**Section 1 — The Context (The 'Why')** Azure Databricks runs customer workloads in the customer's own VPC while the control plane (workspace, jobs, UI) resides in Databricks cloud. This separation creates operational complexity: data must never leave the customer tenant, while...
This hard-level Spark/Big Data question appears frequently in data engineering interviews at companies like Fractal. While less common, it tests deeper understanding that distinguishes strong candidates. Mastering the underlying concepts (optimization, partition) will help you answer variations of this question confidently.

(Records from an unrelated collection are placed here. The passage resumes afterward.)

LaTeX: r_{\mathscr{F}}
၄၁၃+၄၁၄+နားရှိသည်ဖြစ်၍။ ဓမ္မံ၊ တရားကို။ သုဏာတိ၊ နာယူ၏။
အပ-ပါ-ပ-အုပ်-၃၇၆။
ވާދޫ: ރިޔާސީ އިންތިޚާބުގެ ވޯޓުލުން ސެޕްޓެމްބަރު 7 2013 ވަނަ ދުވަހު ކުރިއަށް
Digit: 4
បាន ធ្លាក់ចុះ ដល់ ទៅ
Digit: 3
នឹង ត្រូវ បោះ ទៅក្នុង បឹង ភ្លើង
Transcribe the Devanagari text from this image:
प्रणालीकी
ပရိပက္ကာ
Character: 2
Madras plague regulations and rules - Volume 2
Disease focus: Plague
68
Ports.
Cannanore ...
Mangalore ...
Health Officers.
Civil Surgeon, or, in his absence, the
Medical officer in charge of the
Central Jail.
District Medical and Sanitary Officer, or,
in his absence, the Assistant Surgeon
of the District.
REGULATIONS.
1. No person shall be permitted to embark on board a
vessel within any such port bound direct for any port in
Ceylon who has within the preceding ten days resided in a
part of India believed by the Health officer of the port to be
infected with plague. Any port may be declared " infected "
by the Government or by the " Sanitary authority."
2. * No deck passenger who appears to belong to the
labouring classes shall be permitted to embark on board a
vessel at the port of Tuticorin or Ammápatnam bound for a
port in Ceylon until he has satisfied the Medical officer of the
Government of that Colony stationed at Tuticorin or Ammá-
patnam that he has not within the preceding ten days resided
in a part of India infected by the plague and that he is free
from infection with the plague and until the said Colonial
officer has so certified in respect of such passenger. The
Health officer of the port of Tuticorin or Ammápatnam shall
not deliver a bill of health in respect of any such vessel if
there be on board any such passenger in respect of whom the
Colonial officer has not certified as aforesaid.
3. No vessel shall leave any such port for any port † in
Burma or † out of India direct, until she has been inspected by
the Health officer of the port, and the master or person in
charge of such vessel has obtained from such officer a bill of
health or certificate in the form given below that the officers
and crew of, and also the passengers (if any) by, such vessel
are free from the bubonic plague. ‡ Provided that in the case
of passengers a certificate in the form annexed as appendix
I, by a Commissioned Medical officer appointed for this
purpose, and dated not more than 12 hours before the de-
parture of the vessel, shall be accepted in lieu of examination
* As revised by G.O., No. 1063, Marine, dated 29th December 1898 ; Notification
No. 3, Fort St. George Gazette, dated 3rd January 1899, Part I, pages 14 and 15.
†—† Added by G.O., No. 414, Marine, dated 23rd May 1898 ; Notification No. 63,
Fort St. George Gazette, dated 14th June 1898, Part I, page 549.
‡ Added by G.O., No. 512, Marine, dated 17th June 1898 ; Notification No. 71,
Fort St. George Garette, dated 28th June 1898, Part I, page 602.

This is a senior-level question that tests architectural thinking. Lead with the high-level design, then drill into specifics. Discuss trade-offs explicitly - there is rarely one correct answer. Show awareness of scale, fault tolerance, and operational complexity. The expert answer includes a code example that demonstrates the implementation pattern.
Section 1 — The Context (The 'Why')
Azure Databricks runs customer workloads in the customer's own VPC while the control plane (workspace, jobs, UI) resides in Databricks cloud. This separation creates operational complexity: data must never leave the customer tenant, while job orchestration and metadata live elsewhere. A naive assumption that Databricks hosts data leads to compliance failures; multi-service integration (ADLS, Event Hubs, Synapse) requires careful networking and identity configuration.
Section 2 — The Diagram
[Azure AD] --> [Databricks Workspace]
|
+-> [ADLS Gen2] Data
+-> [Data Factory] Orch
+-> [Event Hubs] Stream
+-> [Synapse] DW
Section 3 — Component Logic
Databricks Workspace is the control plane entry point—notebooks, jobs, and clusters are managed here. The workspace never stores customer data. ADLS Gen2 holds all data in the customer subscription; Databricks clusters attach via managed identity and process data in-place. Data Factory orchestrates pipeline runs and triggers Databricks jobs. Event Hubs streams events into Databricks for real-time processing. Synapse can share the same ADLS data via external tables—avoid data duplication. Idempotency is achieved via Delta merge. Fan-out from Event Hubs allows multiple consumers. TTL policies on ADLS lifecycle manage retention. Unity Catalog provides governance across Databricks and Synapse.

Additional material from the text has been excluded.